Unit Test 1: Hormonal Control of the Menstrual Cycle

Question

The menstrual cycle is controlled by four main hormones: FSH, LH, oestrogen, and progesterone.

(a) Describe the role of FSH in the menstrual cycle and explain how it is involved in follicle development. [2 marks]

(b) Describe the role of LH and explain the significance of the "LH surge" around day 14. [3 marks]

(c) The graph below shows the blood concentration of oestrogen and progesterone during a typical 28-day menstrual cycle. There are two peaks of oestrogen: one around day 12--13 and another smaller rise around day 21. Explain the hormonal mechanism responsible for the first peak of oestrogen and explain why this peak leads to the LH surge. [4 marks]

Worked Solution

(a) FSH (follicle-stimulating hormone) is secreted by the anterior pituitary gland. It stimulates the development of a Graafian follicle in the ovary and stimulates the follicle cells to produce oestrogen.

(b) LH (luteinising hormone) is secreted by the anterior pituitary gland. The LH surge (a sharp increase in LH concentration around day 14) triggers ovulation: the release of the secondary oocyte from the Graafian follicle. After ovulation, LH also stimulates the remnants of the follicle to develop into the corpus luteum, which secretes progesterone.

(c) The first oestrogen peak (around day 12--13) is caused by the developing Graafian follicle, which is stimulated by FSH to produce increasing amounts of oestrogen.

Mechanism of the LH surge: Initially, oestrogen has a negative feedback effect on FSH and LH secretion, keeping their levels relatively low. However, when oestrogen concentration rises above a critical threshold (high level sustained for approximately 36 hours), the feedback switches to positive feedback: the high oestrogen concentration now stimulates the anterior pituitary to secrete more LH (and also more FSH). This positive feedback loop causes a rapid and large increase in LH -- the LH surge -- which triggers ovulation.

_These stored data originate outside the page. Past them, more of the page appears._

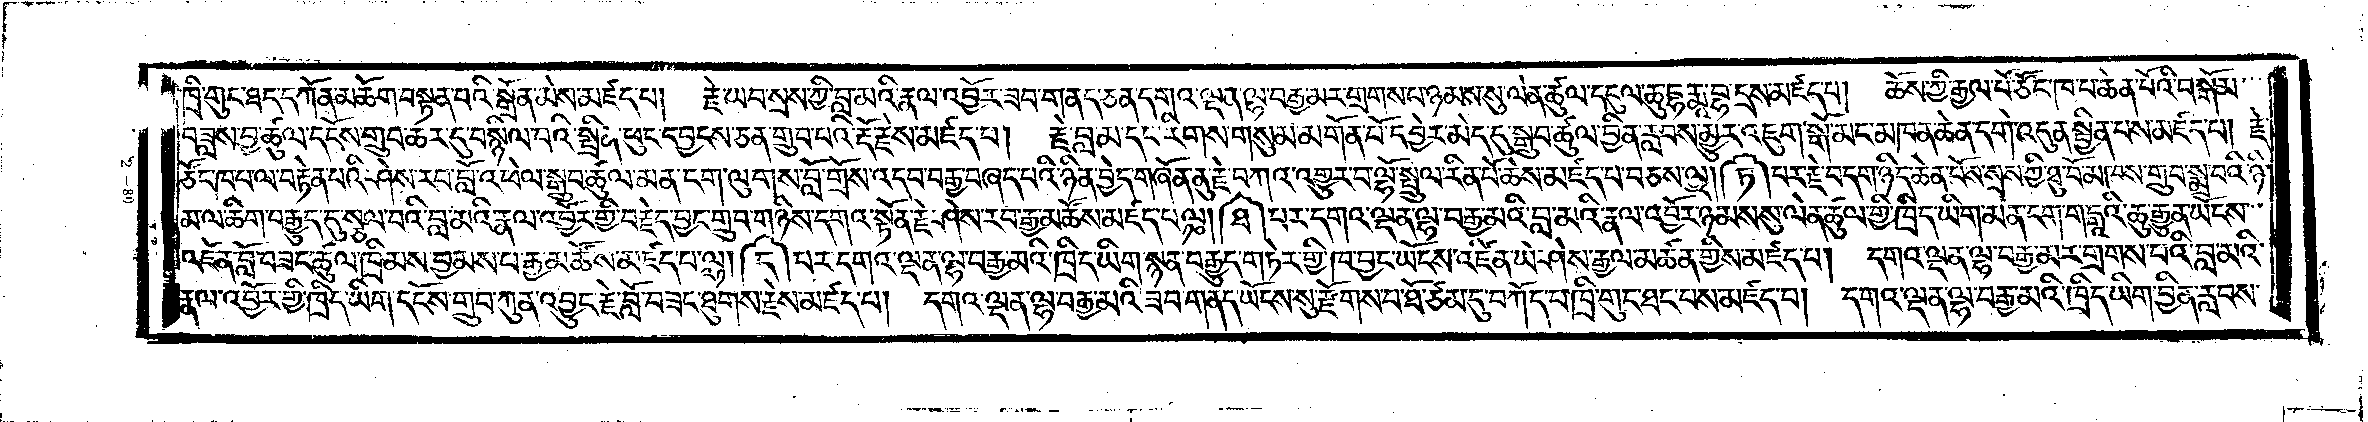ཁྲི་གུང་ཐང་དཀོན་མཆོག་བསྟན་པའི་སྒྲོན་མེས་མཛད་པ། རྗེ་ཡབ་སྲས་ཀྱི་བླ་མའི་རྣལ་འབྱོར་ཟབ་གནད་ཅན་དགའ་ལྡན་ལྷ་བརྒྱ་མར་གྲགས་པ་ཉམས་སུ་ལེན་ཚུལ་དངུལ་ཆུ་དྷ་རྨཱ་བྷ་དྲས་མཛད་པ། ཆོས་ཀྱི་རྒྱལ་པོ་ཙོང་ཁ་པ་ཆེན་པོའི་བསྒོམ་
བཟླས་བྱ་ཚུལ་དངོས་གྲུབ་ཆར་དུ་བསྙིལ་པའི་སྤྲིན་ཕུང་དབྱངས་ཅན་གྲུབ་པའི་རྡོ་རྗེས་མཛད་པ། རྗེ་བླ་མ་དང་རིགས་གསུམ་མགོན་པོ་དབྱེར་མེད་དུ་སྒྲུབ་ཚུལ་བྱིན་རླབས་མྱུར་འཇུག་སྒོ་མང་མཁན་ཆེན་དགེ་འདུན་སྦྱིན་པས་མཛད་པ། རྗེ་
ཙོང་ཁ་པ་ལ་བརྟེན་པའི་ཤེས་རབ་བློ་འཕེལ་སྒྲུབ་ཚུལ་མན་ངག་ལུགས་བློ་གྲོས་འདབ་བརྒྱ་བཞད་པའི་ཉིན་བྱེད་གཞོན་ནུ་རྗེ་བཀའ་འགྱུར་བ་ལྷོ་སྤྲུལ་རིན་པོ་ཆེས་མཛད་པ་བཅས་ལ། ༼ཏ༽ པར་རྗེ་བདག་ཉིད་ཆེན་པོས་སྲས་ཀྱི་ཐུ་བོ་མཁས་གྲུབ་སྨྲ་བའི་ཉི་
མ་ལ་ཆིག་བརྒྱུད་དུ་སྩལ་བའི་བླ་མའི་རྣལ་འབྱོར་གྱི་བརྗེད་བྱང་གྲུབ་གཉིས་དགའ་སྟོན་རྗེ་ཤེས་རབ་རྒྱ་མཚོས་མཛད་པ་ལ། ཐ྄་པར་དགའ་ལྡན་ལྷ་བརྒྱ་མའི་བླ་མའི་རྣལ་འབྱོར་ཉམས་སུ་ལེན་ཚུལ་གྱི་ཁྲིད་ཡིག་མན་ངག་གངྒཱའི་ཆུ་རྒྱུན་ཡོངས་
འཇོན་བློ་བཟང་ཚུལ་ཁྲིམས་བྱམས་པ་རྒྱ་མཚོས་མཛད་པ་ལ། ༼ད༽ པར་དགའ་ལྡན་ལྷ་བརྒྱ་མའི་ཁྲིད་ཡིག་སྙན་བརྒྱུད་གཏེར་གྱི་ཁ་བྱང་ཡོངས་འཛིན་ཡེ་ཤེས་རྒྱལ་མཚན་གྱིས་མཛད་པ། དགའ་ལྡན་ལྷ་བརྒྱ་མར་གྲགས་པའི་བླ་མའི་
རྣལ་འབྱོར་གྱི་ཁྲིད་ཡིག་དངོས་གྲུབ་ཀུན་འབྱུང་རྗེ་བློ་བཟང་ཐུགས་རྗེས་མཛད་པ། དགའ་ལྡན་ལྷ་བརྒྱ་མའི་ཟབ་གནད་ཡོངས་སུ་རྫོགས་པ་ཐོ་ཙམ་དུ་བཀོད་པ་ཁྲི་གུང་ཐང་པས་མཛད་པ། དགའ་ལྡན་ལྷ་བརྒྱ་མའི་ཁྲིད་ཡིག་བྱིན་རླབ་
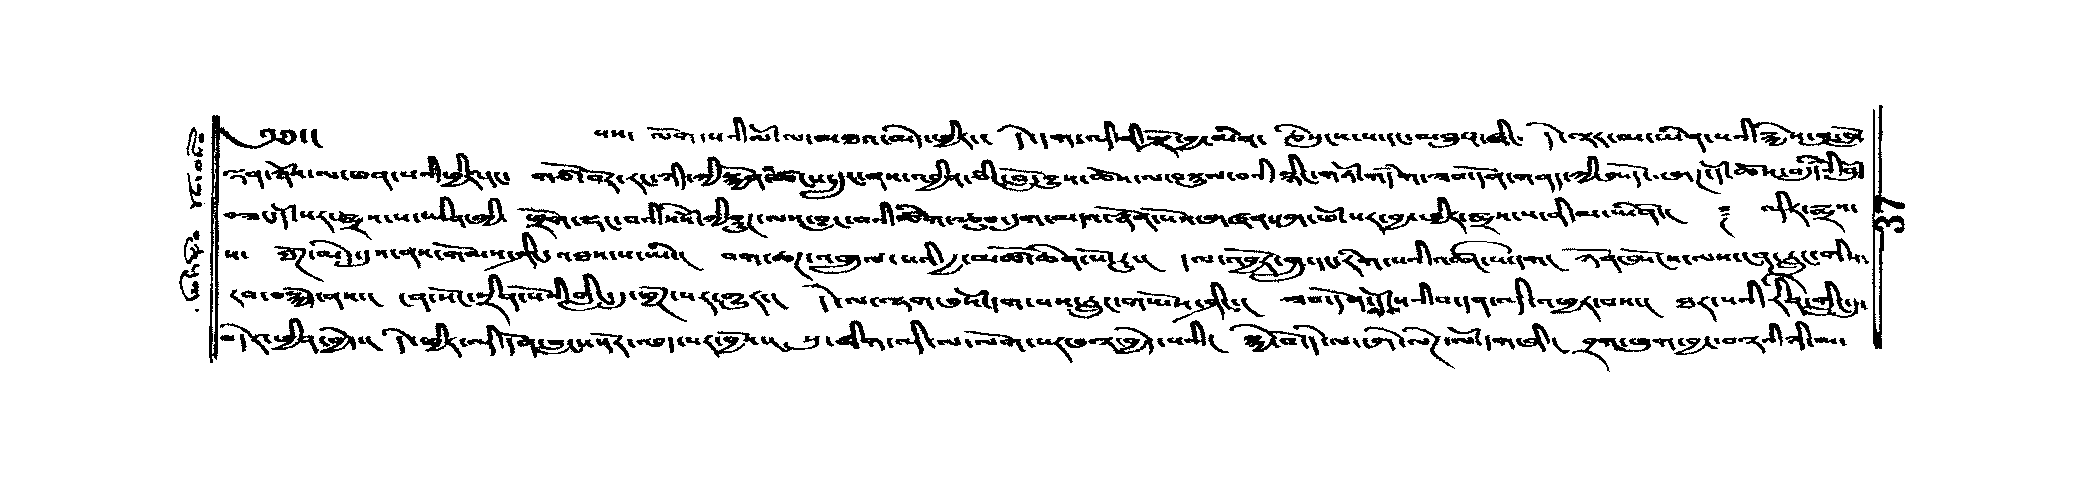པས། ལོག་པའི་ལམ་ལ་མཐའ་མེད་ཕྱིར། །དེ་དག་འདི་ནི་སྤྲོ་བྱ་མིན། ། ཞེས་གསུངས་པ་དང་མཐུན་ཞིང་། དེ་ལྟར་མ་ཡིན་པའི་སྐྱེས་བུ་བློ་
ལྡན་རྣམས་ལ་ཕན་པའི་ཕྱིར་དང་། གཙོ་བོར་རང་ཉིད་ཀྱི་སྐྱོན་མཚང་དྲུང་ནས་འབྱིན་ཅིང་བློ་ནུས་ཆོས་ལ་བསྐུལ་བའི་སྙིང་གཏམ་གདམས་ངག་ཟབ་དོན་གནད་ཀྱི་མདོ་འགག་དམ་ཆོས་བདུད་རྩི་བུམ་
བཟང་དམ་པར་སྨྲས་པ་ཡིན་གྱི། ཕྲག་དོག་སྡང་བའི་སེམས་ཀྱི་ཤུགས་ལས་བྱུང་བའི་ཚིག་རྩུབ་དུག་མདའ་རྣོན་པོས་གཞན་དག་ཕམ་པར་བྱ་ཕྱིར་སྨྲས་པ་ནི་མ་ཡིན་ནོ། འདིར་སྨྲས་
པ། ཐོག་མེད་དུས་ནས་གོམས་ཞིང་འཐས་པ་ཡི། །བག་ཆགས་འཁྲུལ་བའི་རྒྱ་མཚོ་ཆེན་པོ་རུ། །དལ་འབྱོར་གྲུ་དང་རིག་པའི་ཚོང་པ་དག །ཉོན་མོངས་ལས་ཉོན་རླུང་གིས་
རབ་བསྐྱོད་ནས། །ངན་སོང་སྲིན་པོའི་གླིང་དུ་ཕྱོགས་པར་འགྱུར། །དེ་ལ་ལྷག་བསམ་དག་པས་རླུང་གཡོས་ཤིང་། །ཟབ་དོན་དམ་པའི་བ་དན་འདི་འཕྱར་བས། །ཐར་བའི་རིན་ཆེན་གླིང་དུ་
བདེར་ཕྱིན་བྱེད། །དེ་ཕྱིར་འདི་དོན་བླང་དོར་འབད་པར་བྱོས། །སུ་ཞིག་འདི་ལ་ལོག་པར་བལྟ་བྱེད་པའི། །སྐྱེ་བོ་དེ་ལ་དགེ་ལེགས་ལམ་དག་ནི། །བྲག་ཕུག་བྱང་བལྟའི་ཉི་མ་

Unit Test 2: Blood Glucose Regulation

Question

After a meal rich in carbohydrates, blood glucose concentration rises. The body responds to return blood glucose to normal (approximately 90 mg/100 cm3^{3}).

(a) Describe how the pancreas detects the rise in blood glucose concentration and the hormonal response that follows. [3 marks]

(b) Explain how insulin lowers blood glucose concentration. Your answer should include the effect on (i) liver cells, (ii) muscle cells, and (iii) body cells in general. [4 marks]

(c) If blood glucose concentration falls too low (hypoglycaemia), the pancreas secretes glucagon. Describe two ways in which glucagon raises blood glucose concentration. [3 marks]

Worked Solution

(a) The pancreas acts as both an endocrine gland and a receptor. When blood glucose concentration rises above normal, this is detected by the islets of Langerhans in the pancreas. Specifically, the beta (β\beta) cells of the islets detect the elevated glucose and respond by secreting more insulin into the bloodstream.

(b) Insulin lowers blood glucose by:

(i) Liver cells: Insulin stimulates hepatocytes to convert excess glucose into glycogen (glycogenesis) for storage. It also inhibits the breakdown of glycogen into glucose (glycogenolysis) and inhibits gluconeogenesis (the conversion of amino acids and other non-carbohydrates into glucose).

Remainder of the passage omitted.